December 20, 2005
JAMA Reacts to FY2006 Government Budget Proposal
Allocation to General Revenue of Tax Funds
Earmarked for Road Improvements Deemed Unacceptable
Itaru Koeda, Chairman
The Japanese government’s budget bill for fiscal year 2006 allocates to general revenue a portion of the tax funds earmarked exclusively for road network improvements, and furthermore calls for the expanded use of those funds. In response, the Japan Automobile Manufacturers Association (JAMA) wishes to go on record with the following comments on what it views as a dubious government decision.
- The tax revenue specifically earmarked for roads is generated through taxation imposed on automobile owners from the perspective of “benefits and burdens” and implemented with the purpose of improving the nation’s road network. Moreover, in consideration of the urgency of making such improvements, road network-designated taxes are currently assessed at a provisional rate that is approximately double the standard rate. This is premised on the principle of “no taxation without legal basis,” and with regard to decisions to establish road network-designated taxes, determine or extend provisional tax rates or take other steps, the current strategy was accepted on the basis of case-by-case National Diet deliberations to examine the intent and purpose of introducing each such tax, and followed by the allocation of the revenues thereof to road network improvements.
- In keeping with this logic, the stance advocated by JAMA is that the full value of the road network-designated tax revenue should be channelled into road improvements. In the event, however, that the tax revenue collected for this purpose exceeds the actual level of spending on road projects, JAMA maintains that the provisional tax rate should be abolished and that targeted funds should be left in the hands of taxpayers.

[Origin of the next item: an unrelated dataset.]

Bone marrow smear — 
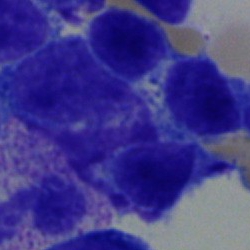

- Furthermore, the fiscal 2006 budget bill [Ministry of Finance draft] recently announced by the government decrees that, of the taxpayer revenue earmarked exclusively for the nation’s road network, some 47.2 billion yen is to be allocated to general revenue to “retroactively adjust,” according to the government’s explanation, the supply of funds that were designated for road improvements in supplementary national budgets in fiscal 2003 through fiscal 2005. JAMA opposes this move because in reality, it represents nothing more than a pretext for diverting surpluses in road network-designated taxpayer revenue—surpluses which, moreover, were artificially created by the establishment of a spending ceiling—to general revenue, a category obviously far removed in purpose from the road network-designated funds. The decision to shift tax revenue earmarked exclusively for the national road network to general revenue is thus not only objectionable in principle, it also blatantly disregards the needs and wishes of automobile users, and is therefore totally unacceptable to JAMA and the automotive industry in general. Furthermore, as regards the proposed expanded use of this tax revenue, JAMA demands that any such expanded use gain the thorough understanding of taxpayers and be strictly limited to items of which they are fully aware.